» **GIVEN INFORMATION**
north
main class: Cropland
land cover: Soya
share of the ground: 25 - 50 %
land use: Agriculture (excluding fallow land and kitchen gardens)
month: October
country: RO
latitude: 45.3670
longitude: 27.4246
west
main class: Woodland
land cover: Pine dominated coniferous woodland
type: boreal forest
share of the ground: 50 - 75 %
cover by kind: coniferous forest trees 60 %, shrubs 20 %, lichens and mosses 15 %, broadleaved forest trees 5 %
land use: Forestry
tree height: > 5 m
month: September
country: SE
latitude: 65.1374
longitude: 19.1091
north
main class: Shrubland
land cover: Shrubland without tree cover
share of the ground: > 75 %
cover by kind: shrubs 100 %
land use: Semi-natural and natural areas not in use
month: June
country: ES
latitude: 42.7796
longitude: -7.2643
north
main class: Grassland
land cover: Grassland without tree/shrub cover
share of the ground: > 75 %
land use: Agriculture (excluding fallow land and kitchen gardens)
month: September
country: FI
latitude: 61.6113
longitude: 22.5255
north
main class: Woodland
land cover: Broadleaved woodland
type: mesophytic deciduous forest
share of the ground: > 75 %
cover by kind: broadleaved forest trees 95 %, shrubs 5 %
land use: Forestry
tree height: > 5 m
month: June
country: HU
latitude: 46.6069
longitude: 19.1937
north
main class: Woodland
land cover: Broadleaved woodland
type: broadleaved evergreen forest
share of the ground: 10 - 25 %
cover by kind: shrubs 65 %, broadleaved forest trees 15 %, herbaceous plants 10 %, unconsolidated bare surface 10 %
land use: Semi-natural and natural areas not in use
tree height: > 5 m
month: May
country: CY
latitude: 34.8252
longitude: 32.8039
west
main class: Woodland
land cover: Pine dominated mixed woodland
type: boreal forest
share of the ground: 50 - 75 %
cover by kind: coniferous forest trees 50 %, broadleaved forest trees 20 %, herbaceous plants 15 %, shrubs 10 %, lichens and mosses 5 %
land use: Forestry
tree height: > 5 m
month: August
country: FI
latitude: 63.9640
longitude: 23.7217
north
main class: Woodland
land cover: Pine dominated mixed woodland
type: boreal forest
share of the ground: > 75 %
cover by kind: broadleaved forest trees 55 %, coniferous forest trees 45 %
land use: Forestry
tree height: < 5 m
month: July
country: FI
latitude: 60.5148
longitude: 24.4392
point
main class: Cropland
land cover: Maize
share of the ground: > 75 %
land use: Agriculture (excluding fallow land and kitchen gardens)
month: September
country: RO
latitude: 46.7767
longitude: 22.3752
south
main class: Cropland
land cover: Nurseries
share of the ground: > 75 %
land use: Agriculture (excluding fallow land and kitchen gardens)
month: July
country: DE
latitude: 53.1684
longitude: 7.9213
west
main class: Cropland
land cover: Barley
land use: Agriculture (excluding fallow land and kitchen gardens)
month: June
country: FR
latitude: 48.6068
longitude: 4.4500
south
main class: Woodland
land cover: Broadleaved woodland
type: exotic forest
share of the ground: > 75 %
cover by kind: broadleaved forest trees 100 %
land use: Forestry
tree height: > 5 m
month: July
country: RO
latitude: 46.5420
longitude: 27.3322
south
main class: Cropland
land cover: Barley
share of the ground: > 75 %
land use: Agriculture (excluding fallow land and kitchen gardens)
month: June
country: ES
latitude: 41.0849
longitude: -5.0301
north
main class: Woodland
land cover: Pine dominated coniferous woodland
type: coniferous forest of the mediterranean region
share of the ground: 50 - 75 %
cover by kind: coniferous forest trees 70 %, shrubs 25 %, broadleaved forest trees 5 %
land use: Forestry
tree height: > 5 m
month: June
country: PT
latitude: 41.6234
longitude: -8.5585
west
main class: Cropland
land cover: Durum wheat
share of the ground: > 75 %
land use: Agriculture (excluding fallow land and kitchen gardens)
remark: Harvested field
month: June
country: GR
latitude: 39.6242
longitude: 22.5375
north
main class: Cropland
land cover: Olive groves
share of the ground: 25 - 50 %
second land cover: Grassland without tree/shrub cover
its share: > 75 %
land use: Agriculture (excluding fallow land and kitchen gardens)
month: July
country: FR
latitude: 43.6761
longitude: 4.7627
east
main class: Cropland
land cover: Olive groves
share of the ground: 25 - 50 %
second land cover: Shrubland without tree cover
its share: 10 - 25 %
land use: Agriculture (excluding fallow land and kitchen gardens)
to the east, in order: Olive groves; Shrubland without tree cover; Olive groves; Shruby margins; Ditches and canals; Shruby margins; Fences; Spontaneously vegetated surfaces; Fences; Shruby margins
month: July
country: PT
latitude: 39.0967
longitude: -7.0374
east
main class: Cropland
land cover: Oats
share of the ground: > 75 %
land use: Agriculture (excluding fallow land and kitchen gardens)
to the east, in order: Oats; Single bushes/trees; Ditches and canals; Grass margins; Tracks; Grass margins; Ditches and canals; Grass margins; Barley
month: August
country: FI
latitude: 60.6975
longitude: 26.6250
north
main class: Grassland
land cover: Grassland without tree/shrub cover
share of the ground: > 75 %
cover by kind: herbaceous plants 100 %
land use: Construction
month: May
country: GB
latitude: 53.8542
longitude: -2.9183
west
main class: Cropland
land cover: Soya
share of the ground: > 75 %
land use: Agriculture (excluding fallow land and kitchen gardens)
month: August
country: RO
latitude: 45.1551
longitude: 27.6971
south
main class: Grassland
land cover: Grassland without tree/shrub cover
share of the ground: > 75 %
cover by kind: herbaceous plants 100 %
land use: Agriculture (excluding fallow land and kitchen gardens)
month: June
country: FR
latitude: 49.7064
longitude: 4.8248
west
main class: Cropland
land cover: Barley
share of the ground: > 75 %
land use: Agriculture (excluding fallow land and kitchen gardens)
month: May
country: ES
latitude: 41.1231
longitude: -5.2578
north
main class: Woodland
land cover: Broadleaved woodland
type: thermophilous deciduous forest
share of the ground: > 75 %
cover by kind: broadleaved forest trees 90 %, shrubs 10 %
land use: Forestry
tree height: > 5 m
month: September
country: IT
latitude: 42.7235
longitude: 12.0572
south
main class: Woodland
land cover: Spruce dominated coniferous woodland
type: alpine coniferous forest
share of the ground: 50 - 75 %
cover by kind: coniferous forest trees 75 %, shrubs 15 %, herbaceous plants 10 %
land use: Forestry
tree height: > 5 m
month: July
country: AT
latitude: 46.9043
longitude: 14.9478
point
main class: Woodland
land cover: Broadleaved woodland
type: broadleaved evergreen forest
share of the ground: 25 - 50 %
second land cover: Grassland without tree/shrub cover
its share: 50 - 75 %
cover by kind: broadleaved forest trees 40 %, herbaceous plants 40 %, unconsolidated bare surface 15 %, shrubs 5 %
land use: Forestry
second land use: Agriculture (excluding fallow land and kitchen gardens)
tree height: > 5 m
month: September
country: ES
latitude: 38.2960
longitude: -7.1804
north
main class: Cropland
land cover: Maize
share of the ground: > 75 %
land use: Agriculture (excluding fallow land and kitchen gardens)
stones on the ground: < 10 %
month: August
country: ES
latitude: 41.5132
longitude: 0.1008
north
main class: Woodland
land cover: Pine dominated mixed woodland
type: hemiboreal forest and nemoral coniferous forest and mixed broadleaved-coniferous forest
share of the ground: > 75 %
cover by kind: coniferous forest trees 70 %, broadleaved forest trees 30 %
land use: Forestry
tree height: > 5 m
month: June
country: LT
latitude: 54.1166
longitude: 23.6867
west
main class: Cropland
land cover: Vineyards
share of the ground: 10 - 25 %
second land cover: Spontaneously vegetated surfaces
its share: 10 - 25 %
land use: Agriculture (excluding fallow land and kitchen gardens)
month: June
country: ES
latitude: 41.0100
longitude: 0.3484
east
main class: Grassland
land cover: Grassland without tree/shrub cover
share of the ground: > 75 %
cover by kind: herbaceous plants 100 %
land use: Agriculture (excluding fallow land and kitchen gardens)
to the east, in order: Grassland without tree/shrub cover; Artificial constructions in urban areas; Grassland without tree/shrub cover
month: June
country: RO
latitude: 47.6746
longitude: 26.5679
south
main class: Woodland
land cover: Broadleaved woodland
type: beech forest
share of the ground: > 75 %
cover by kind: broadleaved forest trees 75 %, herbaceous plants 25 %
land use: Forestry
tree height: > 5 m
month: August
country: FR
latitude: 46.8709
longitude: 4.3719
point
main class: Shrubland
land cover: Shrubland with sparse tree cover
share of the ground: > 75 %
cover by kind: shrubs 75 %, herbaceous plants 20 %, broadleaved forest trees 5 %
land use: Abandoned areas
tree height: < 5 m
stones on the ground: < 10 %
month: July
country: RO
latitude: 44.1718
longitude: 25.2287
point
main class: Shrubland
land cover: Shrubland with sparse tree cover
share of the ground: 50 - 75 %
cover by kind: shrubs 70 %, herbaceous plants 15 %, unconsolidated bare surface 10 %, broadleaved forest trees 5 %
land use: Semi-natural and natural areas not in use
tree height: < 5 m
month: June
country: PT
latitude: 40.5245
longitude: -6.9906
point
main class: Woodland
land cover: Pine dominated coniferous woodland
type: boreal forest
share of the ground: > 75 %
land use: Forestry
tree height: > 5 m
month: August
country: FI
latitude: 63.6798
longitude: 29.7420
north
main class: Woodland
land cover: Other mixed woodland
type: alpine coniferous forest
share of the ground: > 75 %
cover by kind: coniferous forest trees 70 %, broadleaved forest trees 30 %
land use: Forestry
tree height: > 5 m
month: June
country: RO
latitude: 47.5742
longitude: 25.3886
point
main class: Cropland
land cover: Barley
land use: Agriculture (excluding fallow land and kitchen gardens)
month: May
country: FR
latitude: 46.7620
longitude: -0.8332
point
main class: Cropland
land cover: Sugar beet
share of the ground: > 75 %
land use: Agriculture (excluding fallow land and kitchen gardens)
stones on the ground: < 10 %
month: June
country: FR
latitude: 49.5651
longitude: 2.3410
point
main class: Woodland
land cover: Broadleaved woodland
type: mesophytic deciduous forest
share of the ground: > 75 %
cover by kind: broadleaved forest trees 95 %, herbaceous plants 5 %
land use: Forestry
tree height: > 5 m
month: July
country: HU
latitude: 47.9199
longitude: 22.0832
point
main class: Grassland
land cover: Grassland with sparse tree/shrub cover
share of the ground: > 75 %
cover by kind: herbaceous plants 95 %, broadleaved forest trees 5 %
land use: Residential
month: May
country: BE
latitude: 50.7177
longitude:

» **PROMPT**
Report how many lines in the records above contain the word "second", giving only the number.

» **REPLY TO THE EXERCISE**
5